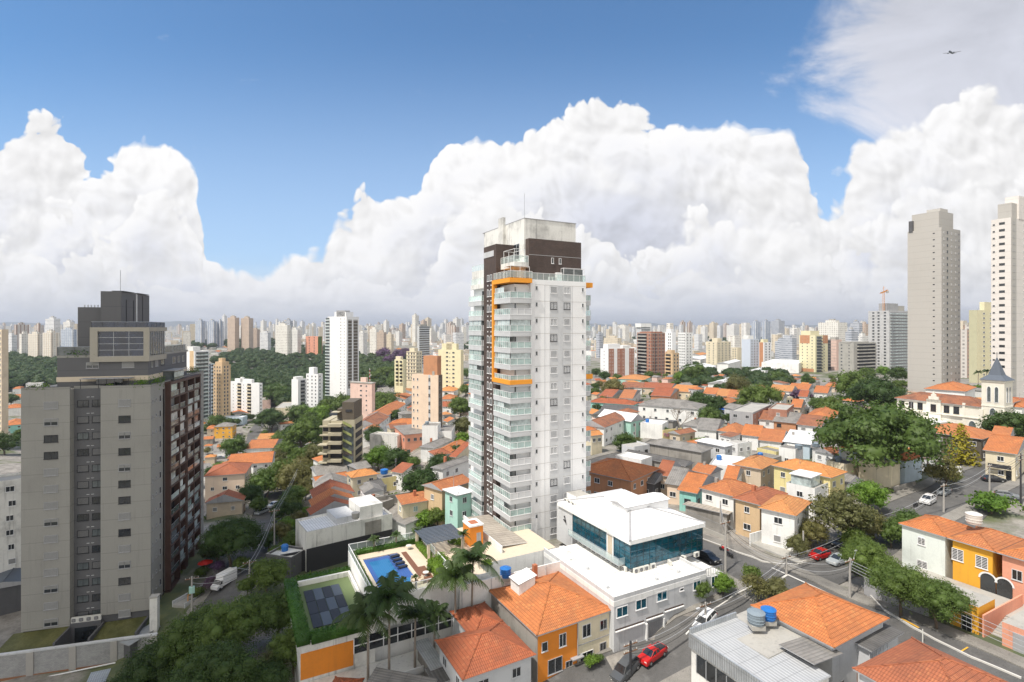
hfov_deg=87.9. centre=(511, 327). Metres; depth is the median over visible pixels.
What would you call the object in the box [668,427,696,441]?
house
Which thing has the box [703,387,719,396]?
::::::::::
■ **PROBLEM DETAILS**
All of the data must be given again exactly, without the pictures.

■ **ANSWER**
hfov_deg=87.9. centre=(511, 327). Metres; depth is the median over visible pixels.
What would you call the object in the box [668,427,696,441]?
house
Which thing has the box [703,387,719,396]?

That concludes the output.